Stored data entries

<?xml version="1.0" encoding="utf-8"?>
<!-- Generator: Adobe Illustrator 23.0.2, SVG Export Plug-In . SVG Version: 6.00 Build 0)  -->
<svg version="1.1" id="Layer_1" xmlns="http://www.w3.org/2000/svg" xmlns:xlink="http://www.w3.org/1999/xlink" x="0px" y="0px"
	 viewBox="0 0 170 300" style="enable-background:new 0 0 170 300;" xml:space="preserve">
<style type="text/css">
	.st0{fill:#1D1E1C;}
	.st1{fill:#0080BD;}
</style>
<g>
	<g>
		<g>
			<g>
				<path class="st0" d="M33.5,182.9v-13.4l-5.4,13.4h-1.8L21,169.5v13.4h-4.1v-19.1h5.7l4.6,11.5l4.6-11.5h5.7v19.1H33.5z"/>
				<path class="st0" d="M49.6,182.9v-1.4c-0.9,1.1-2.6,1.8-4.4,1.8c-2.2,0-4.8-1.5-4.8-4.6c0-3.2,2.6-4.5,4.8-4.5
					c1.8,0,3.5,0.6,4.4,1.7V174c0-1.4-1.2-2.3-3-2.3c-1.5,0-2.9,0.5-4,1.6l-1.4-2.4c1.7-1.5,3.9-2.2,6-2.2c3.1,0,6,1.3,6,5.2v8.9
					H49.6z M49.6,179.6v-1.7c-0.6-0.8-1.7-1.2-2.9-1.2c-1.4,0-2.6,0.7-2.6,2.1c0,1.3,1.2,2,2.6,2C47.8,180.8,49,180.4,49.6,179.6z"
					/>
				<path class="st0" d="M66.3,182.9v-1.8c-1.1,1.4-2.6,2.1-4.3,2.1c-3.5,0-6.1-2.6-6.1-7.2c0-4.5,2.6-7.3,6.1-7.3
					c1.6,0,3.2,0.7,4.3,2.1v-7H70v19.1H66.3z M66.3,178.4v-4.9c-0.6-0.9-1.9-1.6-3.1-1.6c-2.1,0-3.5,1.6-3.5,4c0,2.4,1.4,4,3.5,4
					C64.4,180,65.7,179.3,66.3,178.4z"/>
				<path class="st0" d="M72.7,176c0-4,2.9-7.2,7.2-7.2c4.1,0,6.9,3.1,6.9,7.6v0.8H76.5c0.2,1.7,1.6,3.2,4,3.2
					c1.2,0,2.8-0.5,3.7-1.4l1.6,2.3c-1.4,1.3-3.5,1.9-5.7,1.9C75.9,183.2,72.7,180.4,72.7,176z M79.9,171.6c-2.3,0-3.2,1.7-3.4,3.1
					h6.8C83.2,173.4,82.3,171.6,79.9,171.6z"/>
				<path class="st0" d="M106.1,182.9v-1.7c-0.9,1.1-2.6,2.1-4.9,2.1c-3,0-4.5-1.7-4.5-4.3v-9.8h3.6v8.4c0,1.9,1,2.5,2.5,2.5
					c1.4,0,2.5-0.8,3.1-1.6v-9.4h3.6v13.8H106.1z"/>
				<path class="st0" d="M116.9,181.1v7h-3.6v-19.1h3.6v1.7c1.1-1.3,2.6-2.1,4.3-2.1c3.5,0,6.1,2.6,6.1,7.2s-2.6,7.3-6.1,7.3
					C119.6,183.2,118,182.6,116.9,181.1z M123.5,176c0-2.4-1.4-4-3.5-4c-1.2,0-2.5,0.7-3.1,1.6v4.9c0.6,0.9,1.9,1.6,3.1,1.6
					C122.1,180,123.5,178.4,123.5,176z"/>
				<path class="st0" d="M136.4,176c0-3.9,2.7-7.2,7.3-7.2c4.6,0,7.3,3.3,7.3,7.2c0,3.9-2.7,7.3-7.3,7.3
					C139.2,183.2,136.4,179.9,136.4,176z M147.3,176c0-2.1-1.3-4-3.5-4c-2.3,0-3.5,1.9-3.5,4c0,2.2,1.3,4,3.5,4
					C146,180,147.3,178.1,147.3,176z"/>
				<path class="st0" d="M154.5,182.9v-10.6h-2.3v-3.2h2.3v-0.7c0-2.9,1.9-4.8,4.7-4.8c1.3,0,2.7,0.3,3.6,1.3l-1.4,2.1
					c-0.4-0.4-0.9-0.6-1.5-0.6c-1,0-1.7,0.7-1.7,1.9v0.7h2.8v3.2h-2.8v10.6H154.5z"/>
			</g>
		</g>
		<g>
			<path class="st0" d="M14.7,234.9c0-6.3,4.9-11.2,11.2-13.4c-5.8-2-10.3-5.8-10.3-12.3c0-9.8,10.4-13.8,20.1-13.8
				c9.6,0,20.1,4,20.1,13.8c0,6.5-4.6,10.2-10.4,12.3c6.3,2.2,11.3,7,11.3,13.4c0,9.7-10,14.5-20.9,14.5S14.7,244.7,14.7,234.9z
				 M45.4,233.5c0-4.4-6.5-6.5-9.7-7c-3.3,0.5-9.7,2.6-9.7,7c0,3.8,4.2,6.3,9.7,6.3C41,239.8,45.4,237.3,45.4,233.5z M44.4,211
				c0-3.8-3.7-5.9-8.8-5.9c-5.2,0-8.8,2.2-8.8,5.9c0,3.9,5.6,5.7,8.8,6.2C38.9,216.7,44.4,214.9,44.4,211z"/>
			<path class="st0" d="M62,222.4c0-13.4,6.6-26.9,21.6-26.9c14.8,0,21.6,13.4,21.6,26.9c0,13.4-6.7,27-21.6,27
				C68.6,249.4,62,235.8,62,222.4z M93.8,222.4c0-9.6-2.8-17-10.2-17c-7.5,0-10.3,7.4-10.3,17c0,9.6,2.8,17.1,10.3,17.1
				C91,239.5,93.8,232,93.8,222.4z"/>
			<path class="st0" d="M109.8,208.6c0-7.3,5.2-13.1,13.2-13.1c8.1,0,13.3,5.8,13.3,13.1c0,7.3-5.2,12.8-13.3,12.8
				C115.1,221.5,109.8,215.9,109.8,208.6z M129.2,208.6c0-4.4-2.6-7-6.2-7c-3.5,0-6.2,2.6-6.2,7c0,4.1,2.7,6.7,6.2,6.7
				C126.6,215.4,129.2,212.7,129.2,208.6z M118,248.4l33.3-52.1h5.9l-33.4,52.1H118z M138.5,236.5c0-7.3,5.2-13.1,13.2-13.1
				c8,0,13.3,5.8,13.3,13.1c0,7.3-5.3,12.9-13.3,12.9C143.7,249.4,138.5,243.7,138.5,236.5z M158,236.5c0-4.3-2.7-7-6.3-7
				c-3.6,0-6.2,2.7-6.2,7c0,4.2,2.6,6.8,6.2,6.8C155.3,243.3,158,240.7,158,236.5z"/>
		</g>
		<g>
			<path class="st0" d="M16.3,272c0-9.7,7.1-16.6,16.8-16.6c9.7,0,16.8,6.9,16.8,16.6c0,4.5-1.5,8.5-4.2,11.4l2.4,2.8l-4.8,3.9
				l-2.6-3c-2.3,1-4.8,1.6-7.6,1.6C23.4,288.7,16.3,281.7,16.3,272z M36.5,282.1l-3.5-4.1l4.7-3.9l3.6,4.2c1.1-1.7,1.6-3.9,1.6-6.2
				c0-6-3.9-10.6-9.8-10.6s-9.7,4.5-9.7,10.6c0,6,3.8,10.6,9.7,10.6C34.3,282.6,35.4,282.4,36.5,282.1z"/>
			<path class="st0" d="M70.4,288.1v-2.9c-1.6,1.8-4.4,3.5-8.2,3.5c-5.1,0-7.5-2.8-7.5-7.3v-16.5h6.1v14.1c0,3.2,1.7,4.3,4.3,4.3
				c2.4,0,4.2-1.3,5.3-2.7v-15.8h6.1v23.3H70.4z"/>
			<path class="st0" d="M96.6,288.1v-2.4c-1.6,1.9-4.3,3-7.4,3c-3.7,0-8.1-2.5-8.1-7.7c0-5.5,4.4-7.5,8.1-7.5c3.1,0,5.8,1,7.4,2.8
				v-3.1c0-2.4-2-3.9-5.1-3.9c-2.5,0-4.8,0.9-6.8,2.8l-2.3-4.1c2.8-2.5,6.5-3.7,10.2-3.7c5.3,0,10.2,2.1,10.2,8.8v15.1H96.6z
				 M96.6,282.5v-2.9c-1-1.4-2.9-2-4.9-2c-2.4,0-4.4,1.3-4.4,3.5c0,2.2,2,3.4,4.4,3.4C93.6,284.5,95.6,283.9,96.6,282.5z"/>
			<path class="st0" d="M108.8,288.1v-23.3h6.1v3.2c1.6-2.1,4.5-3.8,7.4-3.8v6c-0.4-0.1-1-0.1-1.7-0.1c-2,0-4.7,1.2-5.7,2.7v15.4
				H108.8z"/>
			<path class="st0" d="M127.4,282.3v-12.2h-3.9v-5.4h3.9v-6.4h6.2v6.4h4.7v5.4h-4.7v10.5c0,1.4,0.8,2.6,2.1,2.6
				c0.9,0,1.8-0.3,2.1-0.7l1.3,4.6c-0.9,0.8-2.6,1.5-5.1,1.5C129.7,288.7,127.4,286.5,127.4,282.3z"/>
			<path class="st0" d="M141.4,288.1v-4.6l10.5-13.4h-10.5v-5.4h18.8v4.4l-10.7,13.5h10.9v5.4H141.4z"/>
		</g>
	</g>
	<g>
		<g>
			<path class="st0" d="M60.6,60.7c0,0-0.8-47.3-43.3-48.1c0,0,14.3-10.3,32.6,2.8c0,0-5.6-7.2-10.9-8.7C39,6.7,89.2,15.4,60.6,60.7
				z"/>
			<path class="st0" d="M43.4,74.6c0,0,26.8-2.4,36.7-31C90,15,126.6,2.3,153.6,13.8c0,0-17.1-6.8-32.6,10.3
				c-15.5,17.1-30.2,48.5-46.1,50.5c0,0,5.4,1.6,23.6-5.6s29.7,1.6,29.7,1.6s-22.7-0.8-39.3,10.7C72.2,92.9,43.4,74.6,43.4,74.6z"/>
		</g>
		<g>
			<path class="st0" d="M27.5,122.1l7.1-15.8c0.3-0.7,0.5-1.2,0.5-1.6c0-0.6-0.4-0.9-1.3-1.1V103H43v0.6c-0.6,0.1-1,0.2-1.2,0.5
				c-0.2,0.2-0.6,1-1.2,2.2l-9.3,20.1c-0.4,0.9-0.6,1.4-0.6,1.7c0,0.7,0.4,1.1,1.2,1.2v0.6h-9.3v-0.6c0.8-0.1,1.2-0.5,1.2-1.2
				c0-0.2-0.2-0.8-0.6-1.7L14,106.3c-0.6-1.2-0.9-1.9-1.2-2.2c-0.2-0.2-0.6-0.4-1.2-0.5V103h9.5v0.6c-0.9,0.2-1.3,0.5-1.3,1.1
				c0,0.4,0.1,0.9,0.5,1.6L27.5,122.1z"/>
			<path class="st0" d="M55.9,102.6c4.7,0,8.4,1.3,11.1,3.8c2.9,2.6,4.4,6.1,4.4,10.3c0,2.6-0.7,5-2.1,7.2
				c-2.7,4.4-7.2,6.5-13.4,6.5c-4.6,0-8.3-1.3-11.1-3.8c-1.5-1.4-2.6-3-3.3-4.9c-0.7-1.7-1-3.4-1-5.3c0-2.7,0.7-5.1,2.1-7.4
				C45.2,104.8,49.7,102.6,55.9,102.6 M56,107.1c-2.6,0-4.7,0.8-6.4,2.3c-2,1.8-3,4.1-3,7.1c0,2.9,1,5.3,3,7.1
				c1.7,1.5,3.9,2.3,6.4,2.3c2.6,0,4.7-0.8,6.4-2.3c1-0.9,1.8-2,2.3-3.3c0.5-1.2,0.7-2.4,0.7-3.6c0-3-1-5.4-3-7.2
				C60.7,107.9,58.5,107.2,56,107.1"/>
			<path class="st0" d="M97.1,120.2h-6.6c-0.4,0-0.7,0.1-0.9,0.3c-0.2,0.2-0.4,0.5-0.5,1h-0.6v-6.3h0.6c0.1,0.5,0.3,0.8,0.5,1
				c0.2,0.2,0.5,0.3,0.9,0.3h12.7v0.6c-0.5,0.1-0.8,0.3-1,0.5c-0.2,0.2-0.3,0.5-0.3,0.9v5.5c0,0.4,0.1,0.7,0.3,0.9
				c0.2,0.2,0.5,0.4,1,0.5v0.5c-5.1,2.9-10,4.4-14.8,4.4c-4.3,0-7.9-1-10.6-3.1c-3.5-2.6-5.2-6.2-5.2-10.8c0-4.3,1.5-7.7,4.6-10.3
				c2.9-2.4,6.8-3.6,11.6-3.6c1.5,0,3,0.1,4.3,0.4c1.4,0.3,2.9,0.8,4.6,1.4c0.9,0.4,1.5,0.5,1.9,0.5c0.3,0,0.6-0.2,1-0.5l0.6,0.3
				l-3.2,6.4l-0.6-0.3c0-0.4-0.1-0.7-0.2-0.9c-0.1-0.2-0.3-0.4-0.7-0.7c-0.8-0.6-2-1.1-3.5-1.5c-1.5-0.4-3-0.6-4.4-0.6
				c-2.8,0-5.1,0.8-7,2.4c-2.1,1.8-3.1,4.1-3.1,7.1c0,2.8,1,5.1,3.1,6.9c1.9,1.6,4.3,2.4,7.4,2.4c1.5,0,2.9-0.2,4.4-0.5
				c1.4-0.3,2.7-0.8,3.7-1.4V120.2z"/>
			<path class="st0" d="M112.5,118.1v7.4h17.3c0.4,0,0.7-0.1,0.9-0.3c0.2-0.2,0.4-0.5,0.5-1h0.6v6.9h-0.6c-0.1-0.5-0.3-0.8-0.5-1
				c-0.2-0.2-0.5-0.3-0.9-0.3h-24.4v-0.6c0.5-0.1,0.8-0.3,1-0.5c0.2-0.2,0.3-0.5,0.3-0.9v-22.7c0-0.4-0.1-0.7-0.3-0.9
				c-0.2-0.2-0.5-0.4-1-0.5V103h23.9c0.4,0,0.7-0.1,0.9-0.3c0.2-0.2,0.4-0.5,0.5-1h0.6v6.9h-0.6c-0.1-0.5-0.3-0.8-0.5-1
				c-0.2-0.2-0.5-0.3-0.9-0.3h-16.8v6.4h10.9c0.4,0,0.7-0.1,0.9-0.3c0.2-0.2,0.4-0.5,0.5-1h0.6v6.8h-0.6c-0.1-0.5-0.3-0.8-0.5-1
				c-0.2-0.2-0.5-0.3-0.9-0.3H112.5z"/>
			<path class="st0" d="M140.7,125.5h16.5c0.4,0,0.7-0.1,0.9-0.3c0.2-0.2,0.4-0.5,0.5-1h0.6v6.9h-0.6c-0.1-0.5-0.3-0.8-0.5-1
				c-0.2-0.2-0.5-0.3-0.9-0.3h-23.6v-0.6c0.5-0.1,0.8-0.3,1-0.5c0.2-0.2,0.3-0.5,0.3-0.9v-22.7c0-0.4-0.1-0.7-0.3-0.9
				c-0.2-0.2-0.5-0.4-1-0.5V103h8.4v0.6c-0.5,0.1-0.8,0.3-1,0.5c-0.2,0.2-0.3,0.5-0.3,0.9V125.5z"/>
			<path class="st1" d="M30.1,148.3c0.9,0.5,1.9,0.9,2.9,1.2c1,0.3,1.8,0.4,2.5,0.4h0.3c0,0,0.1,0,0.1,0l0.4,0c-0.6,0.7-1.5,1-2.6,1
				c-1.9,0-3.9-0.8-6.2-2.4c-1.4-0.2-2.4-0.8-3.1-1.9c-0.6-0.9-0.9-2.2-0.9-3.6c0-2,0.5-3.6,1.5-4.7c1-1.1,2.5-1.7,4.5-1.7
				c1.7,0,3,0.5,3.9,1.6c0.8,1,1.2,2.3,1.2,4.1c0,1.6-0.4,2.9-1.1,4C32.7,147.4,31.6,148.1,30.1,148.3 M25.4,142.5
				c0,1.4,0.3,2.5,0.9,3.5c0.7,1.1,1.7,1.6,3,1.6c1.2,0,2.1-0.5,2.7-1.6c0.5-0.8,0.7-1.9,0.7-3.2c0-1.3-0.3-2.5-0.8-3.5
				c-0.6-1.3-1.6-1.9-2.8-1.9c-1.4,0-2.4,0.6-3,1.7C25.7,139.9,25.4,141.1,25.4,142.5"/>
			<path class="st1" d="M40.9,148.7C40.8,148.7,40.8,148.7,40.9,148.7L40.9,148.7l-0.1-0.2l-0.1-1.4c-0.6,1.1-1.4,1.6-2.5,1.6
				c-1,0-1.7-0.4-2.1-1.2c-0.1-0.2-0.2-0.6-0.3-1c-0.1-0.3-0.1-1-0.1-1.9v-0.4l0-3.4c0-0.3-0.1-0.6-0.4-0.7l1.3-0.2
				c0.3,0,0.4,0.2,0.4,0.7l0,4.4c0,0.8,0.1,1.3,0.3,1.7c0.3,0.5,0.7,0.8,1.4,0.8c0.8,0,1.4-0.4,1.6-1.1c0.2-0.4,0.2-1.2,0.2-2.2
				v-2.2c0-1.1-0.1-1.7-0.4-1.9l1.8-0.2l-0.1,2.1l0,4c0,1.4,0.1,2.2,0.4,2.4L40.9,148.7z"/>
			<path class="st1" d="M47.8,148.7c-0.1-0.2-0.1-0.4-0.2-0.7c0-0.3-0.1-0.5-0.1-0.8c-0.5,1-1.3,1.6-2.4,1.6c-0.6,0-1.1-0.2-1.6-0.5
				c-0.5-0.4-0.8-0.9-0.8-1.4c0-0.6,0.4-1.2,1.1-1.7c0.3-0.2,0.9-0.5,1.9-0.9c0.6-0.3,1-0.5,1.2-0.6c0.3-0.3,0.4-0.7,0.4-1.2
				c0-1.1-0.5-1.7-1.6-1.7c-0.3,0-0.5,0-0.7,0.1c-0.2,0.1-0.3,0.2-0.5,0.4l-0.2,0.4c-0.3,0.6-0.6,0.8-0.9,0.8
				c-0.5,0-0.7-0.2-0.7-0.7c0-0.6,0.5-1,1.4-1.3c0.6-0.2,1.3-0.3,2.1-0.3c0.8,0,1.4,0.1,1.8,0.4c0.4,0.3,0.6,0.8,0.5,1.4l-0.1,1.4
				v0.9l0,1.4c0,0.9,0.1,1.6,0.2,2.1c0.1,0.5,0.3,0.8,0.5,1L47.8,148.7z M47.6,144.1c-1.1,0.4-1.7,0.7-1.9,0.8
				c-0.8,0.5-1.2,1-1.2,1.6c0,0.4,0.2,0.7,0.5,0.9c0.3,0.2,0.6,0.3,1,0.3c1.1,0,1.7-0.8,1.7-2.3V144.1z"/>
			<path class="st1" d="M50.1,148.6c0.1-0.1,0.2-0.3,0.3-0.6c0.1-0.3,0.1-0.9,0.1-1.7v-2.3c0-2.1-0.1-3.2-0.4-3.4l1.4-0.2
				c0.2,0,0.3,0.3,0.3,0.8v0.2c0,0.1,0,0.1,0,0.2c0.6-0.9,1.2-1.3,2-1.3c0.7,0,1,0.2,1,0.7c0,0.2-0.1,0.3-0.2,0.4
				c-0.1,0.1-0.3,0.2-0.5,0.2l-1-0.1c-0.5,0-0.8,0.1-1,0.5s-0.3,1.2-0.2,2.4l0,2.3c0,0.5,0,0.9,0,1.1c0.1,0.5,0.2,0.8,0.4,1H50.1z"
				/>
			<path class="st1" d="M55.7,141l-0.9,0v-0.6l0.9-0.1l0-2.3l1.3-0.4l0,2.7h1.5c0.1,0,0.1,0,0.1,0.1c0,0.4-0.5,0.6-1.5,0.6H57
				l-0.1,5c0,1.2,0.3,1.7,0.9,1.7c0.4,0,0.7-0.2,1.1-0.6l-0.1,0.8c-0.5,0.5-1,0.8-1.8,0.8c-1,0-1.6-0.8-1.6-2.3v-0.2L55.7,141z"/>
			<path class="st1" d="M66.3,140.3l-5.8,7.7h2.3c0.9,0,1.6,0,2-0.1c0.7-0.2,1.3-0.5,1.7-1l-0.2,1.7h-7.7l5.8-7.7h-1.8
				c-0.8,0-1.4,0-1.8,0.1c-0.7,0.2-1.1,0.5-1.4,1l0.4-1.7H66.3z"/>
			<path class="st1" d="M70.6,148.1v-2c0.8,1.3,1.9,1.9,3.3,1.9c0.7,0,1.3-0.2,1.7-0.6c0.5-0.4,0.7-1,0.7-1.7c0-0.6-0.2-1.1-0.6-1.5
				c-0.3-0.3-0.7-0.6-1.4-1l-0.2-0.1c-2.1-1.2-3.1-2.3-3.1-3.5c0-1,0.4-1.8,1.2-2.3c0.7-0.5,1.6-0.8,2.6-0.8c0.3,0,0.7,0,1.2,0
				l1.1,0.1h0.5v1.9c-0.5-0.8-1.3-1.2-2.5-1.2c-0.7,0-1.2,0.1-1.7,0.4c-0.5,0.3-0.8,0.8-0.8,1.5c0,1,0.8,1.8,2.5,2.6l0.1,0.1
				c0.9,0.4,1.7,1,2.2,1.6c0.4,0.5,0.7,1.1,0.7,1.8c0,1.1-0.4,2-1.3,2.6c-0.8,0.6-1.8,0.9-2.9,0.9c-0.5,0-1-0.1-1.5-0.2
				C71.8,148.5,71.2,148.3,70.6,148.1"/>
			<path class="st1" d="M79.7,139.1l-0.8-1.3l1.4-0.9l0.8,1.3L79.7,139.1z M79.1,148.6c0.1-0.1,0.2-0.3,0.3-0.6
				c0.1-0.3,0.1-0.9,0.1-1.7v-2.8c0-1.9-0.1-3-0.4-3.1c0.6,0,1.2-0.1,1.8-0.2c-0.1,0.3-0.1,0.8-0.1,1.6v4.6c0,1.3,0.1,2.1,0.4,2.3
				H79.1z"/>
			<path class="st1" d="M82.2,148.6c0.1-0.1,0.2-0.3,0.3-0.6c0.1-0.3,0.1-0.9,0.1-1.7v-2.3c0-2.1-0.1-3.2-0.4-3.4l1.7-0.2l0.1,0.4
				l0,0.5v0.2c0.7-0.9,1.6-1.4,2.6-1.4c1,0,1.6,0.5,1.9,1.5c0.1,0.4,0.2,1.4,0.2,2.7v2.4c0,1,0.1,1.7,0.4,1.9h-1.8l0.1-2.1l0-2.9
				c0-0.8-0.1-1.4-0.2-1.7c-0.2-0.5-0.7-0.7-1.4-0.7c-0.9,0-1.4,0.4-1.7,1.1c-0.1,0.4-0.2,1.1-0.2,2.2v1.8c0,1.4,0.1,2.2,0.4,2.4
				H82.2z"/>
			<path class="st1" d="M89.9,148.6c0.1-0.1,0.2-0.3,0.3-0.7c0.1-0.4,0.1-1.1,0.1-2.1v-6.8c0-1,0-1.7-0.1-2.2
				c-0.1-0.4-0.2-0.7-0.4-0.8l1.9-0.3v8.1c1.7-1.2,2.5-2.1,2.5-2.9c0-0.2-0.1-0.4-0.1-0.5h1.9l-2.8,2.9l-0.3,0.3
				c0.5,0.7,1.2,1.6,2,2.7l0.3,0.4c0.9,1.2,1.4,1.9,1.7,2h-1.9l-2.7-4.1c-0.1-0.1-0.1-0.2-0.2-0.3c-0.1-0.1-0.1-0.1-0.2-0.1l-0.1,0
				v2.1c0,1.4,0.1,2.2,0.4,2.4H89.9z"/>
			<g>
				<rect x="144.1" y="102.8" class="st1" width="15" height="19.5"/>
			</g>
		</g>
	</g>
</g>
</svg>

• [What you have to do]: Check every line of the data above for the string "style", and copy those that have it.

• [Exercise answer]:
	 viewBox="0 0 170 300" style="enable-background:new 0 0 170 300;" xml:space="preserve">
<style type="text/css">
</style>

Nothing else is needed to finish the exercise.